Stored data entries
•••••

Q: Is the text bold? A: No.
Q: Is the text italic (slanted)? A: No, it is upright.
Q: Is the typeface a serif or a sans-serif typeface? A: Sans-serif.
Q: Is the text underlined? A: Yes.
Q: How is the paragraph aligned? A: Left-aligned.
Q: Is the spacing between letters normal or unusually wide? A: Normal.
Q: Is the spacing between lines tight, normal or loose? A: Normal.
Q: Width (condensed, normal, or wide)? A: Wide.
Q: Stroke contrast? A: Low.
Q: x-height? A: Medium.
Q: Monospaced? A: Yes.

•••••

Beginning with the line that has "Q: How is the", set down each line through the last one above, exactly, and nothing else.

Q: How is the paragraph aligned? A: Left-aligned.
Q: Is the spacing between letters normal or unusually wide? A: Normal.
Q: Is the spacing between lines tight, normal or loose? A: Normal.
Q: Width (condensed, normal, or wide)? A: Wide.
Q: Stroke contrast? A: Low.
Q: x-height? A: Medium.
Q: Monospaced? A: Yes.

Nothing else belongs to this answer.